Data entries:
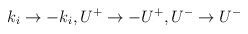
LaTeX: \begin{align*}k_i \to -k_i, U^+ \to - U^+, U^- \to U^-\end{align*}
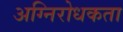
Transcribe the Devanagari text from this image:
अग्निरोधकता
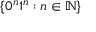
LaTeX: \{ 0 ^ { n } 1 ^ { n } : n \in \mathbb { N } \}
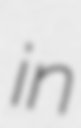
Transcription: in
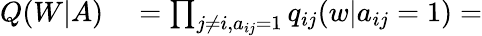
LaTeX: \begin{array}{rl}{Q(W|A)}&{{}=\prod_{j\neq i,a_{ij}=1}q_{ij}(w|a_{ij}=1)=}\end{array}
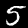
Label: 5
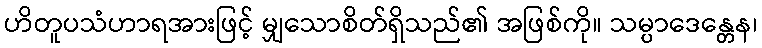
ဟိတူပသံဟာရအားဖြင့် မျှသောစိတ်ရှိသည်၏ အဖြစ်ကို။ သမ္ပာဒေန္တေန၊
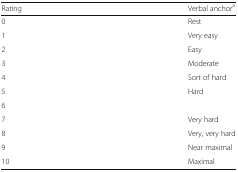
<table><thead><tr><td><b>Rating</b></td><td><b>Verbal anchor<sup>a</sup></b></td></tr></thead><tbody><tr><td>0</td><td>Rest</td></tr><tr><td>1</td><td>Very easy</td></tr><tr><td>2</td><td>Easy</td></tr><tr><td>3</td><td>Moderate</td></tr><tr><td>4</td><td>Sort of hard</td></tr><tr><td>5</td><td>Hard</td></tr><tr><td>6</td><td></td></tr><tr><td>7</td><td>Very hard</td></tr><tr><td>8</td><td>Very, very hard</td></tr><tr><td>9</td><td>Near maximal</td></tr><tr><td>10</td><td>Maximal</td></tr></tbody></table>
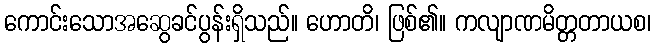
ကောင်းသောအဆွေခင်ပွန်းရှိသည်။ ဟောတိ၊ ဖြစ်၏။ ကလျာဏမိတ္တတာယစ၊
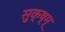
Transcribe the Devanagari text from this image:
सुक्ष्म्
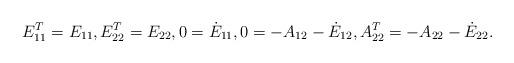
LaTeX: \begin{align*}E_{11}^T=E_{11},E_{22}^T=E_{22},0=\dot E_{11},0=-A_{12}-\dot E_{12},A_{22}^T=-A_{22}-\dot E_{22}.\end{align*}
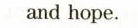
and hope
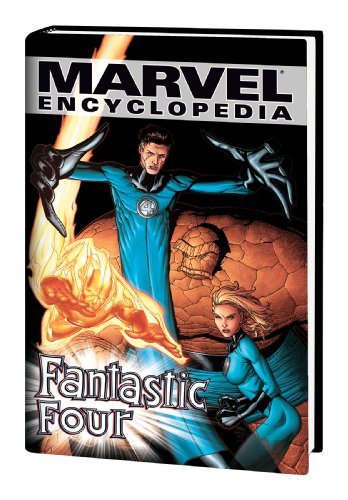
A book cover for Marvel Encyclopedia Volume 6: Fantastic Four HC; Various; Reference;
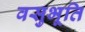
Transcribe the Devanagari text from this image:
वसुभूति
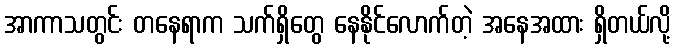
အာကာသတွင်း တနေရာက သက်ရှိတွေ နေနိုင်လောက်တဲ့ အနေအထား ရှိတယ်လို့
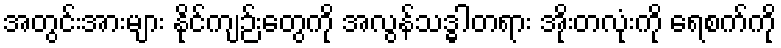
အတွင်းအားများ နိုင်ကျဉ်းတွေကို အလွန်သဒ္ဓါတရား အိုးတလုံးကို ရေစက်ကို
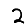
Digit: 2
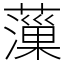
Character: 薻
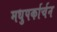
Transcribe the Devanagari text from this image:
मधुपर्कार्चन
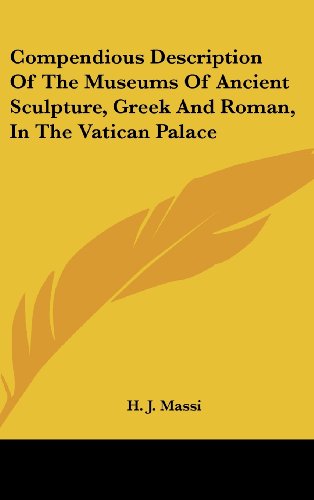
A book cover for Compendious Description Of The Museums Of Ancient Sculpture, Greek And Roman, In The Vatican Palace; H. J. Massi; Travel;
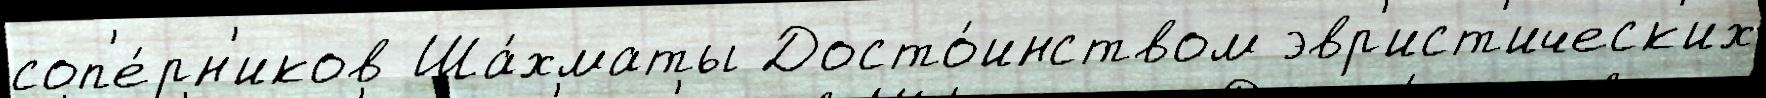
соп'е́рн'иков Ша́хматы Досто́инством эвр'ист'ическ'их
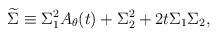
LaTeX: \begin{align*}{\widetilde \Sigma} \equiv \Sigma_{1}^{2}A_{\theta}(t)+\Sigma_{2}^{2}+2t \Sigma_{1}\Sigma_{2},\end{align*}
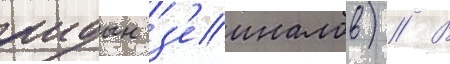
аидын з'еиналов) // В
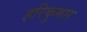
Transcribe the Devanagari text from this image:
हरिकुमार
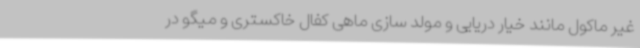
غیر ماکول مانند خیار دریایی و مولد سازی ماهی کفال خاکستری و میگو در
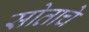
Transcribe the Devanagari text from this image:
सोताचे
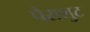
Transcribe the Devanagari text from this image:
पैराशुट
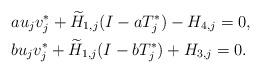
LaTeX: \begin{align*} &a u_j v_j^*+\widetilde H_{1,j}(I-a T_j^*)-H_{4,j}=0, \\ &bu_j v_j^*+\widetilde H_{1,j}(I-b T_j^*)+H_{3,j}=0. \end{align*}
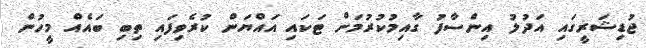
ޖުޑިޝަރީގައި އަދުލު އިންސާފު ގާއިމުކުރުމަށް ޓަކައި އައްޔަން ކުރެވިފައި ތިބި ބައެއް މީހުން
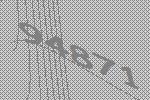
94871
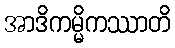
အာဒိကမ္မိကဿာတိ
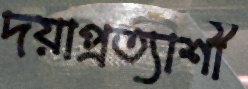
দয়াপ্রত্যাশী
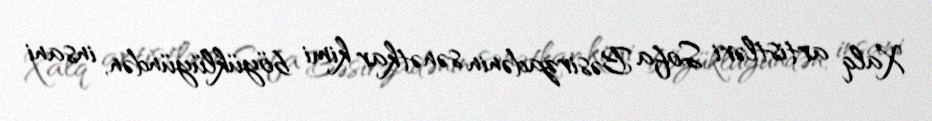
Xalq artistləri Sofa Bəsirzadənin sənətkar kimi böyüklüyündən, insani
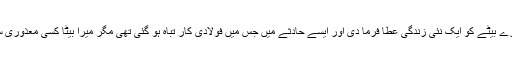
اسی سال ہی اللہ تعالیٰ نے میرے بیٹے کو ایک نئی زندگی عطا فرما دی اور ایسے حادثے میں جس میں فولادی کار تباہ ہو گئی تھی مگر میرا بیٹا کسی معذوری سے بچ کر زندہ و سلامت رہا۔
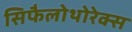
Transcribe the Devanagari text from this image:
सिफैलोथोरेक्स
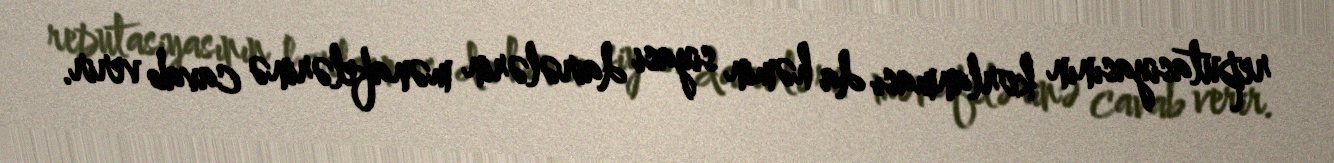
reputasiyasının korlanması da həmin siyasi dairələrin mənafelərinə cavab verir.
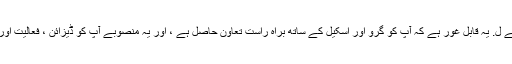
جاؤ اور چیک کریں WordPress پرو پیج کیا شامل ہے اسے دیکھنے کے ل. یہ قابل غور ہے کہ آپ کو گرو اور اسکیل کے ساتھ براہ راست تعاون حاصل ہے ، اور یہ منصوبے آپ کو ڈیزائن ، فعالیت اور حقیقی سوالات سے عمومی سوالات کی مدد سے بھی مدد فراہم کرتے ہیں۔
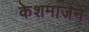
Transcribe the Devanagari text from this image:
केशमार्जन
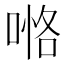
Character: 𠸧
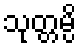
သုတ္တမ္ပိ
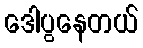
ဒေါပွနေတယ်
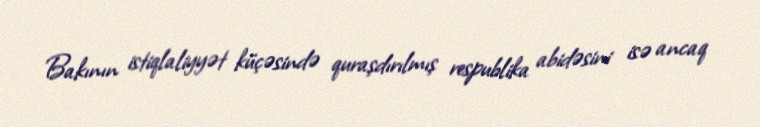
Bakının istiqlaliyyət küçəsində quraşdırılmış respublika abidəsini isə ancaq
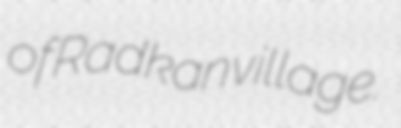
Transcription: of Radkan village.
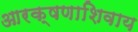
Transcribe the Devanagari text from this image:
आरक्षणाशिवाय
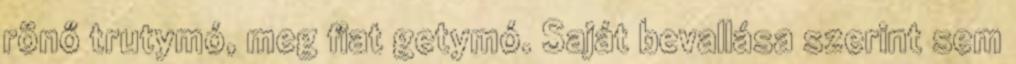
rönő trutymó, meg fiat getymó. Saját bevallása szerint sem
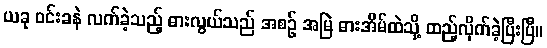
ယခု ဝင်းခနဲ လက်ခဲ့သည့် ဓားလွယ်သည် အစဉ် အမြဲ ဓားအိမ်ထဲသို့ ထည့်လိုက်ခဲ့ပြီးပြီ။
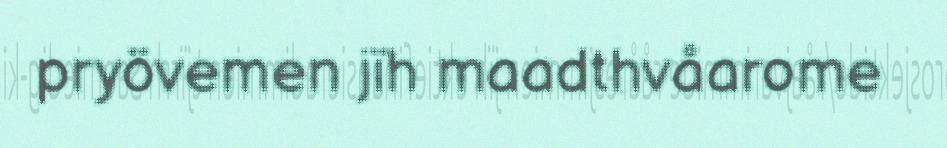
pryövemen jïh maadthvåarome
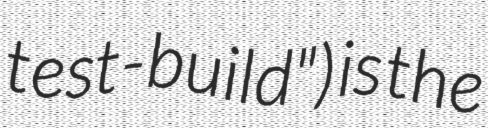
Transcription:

• INSTRUCTIONS TO FOLLOW:
The expected answer is a copy of each line in the records that holds the word "Transcription".

• REPLY TO THE TASK:
Transcription: in
Transcription: of Radkan village.
Transcription:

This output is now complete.